**Exercise objective**.
Your answer should be every line from the records that contains "fill".

**Records for the task**.
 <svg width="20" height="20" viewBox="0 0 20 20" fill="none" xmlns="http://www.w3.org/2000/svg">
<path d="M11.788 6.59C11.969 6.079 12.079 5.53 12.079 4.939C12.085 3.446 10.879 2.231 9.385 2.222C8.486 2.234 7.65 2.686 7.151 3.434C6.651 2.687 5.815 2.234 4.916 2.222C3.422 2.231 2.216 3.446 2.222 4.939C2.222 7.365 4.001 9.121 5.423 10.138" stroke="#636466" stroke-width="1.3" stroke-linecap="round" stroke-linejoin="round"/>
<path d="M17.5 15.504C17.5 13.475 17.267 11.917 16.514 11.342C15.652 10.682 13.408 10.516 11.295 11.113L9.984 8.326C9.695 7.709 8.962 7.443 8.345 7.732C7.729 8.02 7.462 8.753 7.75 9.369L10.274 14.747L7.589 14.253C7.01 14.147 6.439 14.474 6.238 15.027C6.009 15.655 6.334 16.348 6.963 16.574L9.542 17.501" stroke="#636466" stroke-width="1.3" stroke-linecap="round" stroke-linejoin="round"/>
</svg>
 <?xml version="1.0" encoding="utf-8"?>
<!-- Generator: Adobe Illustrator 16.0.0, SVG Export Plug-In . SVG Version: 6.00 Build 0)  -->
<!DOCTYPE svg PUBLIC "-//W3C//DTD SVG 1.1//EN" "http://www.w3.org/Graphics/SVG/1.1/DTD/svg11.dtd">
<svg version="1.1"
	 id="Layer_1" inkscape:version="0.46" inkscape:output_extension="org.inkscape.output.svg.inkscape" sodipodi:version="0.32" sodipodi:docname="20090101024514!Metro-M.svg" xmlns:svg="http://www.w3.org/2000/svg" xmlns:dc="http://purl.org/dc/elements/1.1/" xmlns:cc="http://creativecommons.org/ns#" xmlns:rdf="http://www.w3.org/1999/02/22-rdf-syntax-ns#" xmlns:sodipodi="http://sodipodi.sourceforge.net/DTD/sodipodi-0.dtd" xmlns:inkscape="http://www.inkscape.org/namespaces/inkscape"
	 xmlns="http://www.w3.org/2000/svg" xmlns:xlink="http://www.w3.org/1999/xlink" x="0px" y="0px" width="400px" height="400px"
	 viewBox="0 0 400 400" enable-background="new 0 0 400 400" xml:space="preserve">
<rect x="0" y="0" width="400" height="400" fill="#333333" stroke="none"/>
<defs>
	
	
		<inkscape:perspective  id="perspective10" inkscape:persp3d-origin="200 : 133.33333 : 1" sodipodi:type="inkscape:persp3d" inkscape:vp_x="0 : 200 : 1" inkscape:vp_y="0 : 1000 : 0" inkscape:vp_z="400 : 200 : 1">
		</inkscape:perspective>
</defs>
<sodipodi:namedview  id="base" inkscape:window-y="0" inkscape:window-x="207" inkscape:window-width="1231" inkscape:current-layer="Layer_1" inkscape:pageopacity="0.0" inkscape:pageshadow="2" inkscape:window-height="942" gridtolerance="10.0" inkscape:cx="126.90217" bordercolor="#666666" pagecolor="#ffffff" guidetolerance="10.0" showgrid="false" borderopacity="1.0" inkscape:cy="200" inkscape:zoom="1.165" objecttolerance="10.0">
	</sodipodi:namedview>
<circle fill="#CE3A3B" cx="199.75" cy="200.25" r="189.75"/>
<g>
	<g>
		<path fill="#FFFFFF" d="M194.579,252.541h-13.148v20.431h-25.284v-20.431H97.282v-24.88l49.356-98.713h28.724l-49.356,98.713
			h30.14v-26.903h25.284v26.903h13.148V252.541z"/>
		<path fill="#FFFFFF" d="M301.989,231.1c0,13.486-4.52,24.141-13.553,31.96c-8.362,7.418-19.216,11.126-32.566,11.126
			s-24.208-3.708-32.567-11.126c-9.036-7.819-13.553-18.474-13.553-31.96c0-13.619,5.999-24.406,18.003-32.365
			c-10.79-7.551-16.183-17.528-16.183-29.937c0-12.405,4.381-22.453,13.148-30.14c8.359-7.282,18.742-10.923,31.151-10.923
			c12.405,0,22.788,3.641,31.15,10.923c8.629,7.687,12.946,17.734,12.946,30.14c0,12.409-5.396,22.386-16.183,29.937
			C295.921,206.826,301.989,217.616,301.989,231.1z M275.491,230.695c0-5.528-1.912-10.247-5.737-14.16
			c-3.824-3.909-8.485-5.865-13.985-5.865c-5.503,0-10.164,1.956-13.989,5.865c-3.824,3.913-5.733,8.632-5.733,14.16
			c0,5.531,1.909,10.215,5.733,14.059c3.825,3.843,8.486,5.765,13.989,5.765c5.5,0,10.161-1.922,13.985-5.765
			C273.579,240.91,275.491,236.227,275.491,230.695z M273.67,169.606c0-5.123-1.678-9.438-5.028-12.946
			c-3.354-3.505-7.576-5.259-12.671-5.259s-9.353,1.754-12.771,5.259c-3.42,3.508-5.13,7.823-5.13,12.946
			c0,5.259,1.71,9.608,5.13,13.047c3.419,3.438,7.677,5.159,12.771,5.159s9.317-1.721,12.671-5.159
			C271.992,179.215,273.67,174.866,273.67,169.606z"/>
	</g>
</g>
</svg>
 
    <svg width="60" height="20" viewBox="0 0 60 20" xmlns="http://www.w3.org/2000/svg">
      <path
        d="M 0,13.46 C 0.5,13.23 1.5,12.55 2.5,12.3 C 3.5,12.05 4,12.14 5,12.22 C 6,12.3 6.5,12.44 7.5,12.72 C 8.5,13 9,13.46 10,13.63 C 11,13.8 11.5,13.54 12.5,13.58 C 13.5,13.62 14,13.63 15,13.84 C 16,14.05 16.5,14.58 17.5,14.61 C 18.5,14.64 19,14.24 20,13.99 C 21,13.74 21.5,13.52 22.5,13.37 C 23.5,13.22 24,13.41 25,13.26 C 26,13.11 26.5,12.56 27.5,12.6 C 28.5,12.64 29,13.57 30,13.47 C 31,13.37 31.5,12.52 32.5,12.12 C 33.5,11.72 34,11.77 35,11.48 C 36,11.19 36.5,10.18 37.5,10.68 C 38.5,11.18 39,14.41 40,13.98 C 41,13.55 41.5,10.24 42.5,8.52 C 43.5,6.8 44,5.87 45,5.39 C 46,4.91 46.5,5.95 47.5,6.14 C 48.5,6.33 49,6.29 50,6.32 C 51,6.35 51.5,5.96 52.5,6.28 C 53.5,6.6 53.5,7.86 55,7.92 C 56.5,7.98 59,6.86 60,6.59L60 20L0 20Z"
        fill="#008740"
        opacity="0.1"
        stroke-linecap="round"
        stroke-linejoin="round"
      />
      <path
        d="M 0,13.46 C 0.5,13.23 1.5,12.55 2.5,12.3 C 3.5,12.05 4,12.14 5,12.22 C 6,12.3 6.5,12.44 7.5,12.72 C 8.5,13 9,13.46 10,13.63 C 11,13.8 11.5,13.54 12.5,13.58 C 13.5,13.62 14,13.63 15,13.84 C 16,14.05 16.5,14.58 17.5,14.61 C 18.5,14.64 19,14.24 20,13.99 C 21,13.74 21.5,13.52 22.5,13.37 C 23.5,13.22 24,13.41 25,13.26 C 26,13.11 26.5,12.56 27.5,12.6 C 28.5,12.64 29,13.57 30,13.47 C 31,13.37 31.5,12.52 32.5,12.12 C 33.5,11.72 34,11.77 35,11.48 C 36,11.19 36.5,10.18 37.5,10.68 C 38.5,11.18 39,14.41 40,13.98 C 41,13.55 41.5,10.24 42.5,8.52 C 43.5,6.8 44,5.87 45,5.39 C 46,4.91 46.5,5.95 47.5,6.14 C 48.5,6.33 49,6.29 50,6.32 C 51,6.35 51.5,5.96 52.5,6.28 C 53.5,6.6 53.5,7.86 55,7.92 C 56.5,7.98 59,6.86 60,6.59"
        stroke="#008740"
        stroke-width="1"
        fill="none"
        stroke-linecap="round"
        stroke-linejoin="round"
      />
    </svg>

**Exercise answer**.
 <svg width="20" height="20" viewBox="0 0 20 20" fill="none" xmlns="http://www.w3.org/2000/svg">
<rect x="0" y="0" width="400" height="400" fill="#333333" stroke="none"/>
<circle fill="#CE3A3B" cx="199.75" cy="200.25" r="189.75"/>
		<path fill="#FFFFFF" d="M194.579,252.541h-13.148v20.431h-25.284v-20.431H97.282v-24.88l49.356-98.713h28.724l-49.356,98.713
		<path fill="#FFFFFF" d="M301.989,231.1c0,13.486-4.52,24.141-13.553,31.96c-8.362,7.418-19.216,11.126-32.566,11.126
        fill="#008740"
        fill="none"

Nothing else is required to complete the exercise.